From Wikipedia, the free encyclopedia
Jump to: navigation, search
Hughie Cannon
Hugh Cannon in Poorhouse 1910.jpg
1910
Background information
Born (1877-04-09)April 9, 1877
Died June 17, 1912(1912-06-17) (aged 35)
Toledo, Ohio, United States
Genres Broadway musicals, revues, show tunes
Occupation(s) Songwriter, composer, lyricist
Years active 1899–1912

Hughie Cannon was a composer and lyricist who was born in Detroit, Michigan 1877 and died in 1912 in Toledo, Ohio.

His works and bio[edit]

His best-known composition was the popular song "Won't You Come Home Bill Bailey".[1] This ragtime song was published in 1902. (It has been claimed he wrote it at the age of sixteen,[2] though this is questionable, since that date would have predated ragtime as a genre.) After publication the song quickly became a hit and then a standard, has been covered many times since by a wide range of singers, including Louis Armstrong, Ella Fitzgerald, Pearl Bailey, Marion Montgomery, and Bobby Darin.

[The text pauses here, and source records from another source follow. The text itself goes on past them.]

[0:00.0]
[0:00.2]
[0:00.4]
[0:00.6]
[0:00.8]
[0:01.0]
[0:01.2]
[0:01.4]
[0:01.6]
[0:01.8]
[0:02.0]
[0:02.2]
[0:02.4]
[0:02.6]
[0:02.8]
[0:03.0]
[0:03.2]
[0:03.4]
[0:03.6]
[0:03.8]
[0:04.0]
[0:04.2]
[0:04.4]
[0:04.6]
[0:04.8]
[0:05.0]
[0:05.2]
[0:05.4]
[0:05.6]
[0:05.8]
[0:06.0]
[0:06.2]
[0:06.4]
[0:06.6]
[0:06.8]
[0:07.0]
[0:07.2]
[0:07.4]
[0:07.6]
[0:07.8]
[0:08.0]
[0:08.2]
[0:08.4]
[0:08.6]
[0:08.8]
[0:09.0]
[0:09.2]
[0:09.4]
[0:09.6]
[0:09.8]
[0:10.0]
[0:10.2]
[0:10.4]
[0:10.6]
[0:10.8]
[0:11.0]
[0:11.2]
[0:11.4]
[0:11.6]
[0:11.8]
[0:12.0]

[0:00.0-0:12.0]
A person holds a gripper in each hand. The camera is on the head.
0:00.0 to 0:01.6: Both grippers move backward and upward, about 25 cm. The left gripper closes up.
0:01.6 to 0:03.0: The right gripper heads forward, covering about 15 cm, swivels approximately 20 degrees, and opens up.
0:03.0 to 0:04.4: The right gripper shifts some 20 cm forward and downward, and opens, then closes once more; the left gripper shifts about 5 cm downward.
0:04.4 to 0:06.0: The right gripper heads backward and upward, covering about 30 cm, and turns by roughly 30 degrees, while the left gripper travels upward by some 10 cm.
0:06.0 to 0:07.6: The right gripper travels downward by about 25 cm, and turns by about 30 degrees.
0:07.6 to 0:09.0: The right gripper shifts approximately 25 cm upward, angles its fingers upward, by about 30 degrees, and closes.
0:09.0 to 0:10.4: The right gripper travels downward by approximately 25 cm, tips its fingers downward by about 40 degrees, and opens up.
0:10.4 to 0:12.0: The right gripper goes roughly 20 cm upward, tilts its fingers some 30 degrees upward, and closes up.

The song became an instant success following its first performance by Blackface John Queen, a contemporary of the composer. Another of the author's long-lasting hits is Frankie and Johnny, published in 1904.

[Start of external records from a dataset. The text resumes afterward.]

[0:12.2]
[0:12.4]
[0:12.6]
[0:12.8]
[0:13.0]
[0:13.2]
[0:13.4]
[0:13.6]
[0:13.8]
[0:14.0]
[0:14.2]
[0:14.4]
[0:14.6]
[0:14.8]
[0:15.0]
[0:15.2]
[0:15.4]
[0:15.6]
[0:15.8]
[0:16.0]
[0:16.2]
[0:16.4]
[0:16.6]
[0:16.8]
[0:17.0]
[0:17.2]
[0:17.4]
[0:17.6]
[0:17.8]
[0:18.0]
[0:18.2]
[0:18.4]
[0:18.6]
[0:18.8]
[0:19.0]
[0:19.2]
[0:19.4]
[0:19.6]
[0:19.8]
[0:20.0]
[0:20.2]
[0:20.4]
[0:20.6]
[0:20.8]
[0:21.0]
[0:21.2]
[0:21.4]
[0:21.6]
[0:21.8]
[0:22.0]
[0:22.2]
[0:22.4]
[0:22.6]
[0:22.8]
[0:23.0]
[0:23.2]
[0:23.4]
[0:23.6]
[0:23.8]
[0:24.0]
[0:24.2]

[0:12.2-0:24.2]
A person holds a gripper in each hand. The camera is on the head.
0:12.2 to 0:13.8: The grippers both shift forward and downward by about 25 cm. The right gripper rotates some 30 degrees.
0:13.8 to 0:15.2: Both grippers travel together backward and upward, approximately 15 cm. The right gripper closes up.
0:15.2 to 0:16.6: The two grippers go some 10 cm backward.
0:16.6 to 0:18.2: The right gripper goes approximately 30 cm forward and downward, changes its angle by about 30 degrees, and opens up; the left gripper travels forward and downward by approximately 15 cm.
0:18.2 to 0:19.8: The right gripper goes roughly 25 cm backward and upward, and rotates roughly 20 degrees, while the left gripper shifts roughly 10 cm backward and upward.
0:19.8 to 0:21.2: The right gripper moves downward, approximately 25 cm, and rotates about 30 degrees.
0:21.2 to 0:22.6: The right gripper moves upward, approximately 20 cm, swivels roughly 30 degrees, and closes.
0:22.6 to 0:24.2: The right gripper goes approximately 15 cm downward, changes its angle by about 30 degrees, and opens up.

Cannon wrote the featured song "I love the Two Steps (With my Man)" for the New York show 'Mrs. Black in Back', which opened in 1904 and ran for 79 performances. Mrs. Black was played by May Irwin, who also appeared in one of Thomas Edison's earliest productions, "The Kiss."

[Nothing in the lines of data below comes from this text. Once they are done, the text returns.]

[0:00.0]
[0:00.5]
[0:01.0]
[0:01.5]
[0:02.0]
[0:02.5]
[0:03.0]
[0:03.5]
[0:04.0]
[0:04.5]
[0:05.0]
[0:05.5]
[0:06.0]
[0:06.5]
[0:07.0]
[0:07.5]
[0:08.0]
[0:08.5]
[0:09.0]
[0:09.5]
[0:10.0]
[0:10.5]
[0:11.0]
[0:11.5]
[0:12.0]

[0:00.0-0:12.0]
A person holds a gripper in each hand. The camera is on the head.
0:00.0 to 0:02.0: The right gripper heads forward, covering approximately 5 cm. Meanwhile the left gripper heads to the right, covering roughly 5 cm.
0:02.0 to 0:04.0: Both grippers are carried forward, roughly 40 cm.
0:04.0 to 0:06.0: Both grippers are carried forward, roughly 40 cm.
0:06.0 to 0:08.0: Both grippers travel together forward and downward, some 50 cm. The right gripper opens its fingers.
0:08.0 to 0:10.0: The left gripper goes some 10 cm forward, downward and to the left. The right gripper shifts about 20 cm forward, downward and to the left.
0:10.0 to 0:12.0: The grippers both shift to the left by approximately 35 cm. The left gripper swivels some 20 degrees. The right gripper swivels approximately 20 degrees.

Cannon also wrote music for "A Venetian Romance" at the Knickerbocker Theater.

Cannon was buried in Connellsville, Pennsylvania, where his mother lived. His mother, May Brown Cannon Smith Robbins, had been in show business and had played the role of "Little Trixie" in a production that toured the nation for several years in the late 1800s. By the time her son became a well-known composer she was managing a theater in Connellsville with the help of her third husband Fred G. Robbins. Not much is known about his the composer's actor father, John Cannon.

Not long before his death, Cannon told a Detroit newspaper that he sold off the rights to most of his songs. In a letter to his mother he lamented "the songs I once had."

He told the same newspaper that while he also used drugs, it was alcohol that was the hardest to kick. A brief marriage to Emma Dorson ended in divorce, the final decree handed to her just hours after his death. Cannon died penniless.

Cannon's other songs include "For Lawdy Sakes, Feed My Dog," "I Hates To Get Up Early In The Morning", "Possum Pie", "Just Because She Made Dem Goo-Goo Eyes"[3] and "You Needn't Come Home."

Musicologist Peter Muir remarked that "You Needn't Come Home" was "truly remarkable for 1901" for its unusual use of 12-bar arrangements for both chorus and verse. "In terms of popular songs at the turn of the century, the enterprise, to the best of my knowledge, is quite unique."[4]

Thornton Hagert (founder of Vernacular Music Research), in 1971, noted Cannon's use of a 12-bar structure. "A few" of Cannon's better-known songs, Hagert found, "are very close to the classic blues structure."

Two years after "Bill Bailey" swept the nation, Cannon composed a tune called "He Done Me Wrong." This "death of Bill Bailey" tune is sad, Muir noting "a powerful ambivalence often found in the blues."[5]

Muir argued that Cannon's "music represents in its way the birth of commercial blues in American culture."[6]

Cannon died at the age of 35 at the Lucas County, Ohio, Infirmary. The official cause of death was cirrhosis of the liver.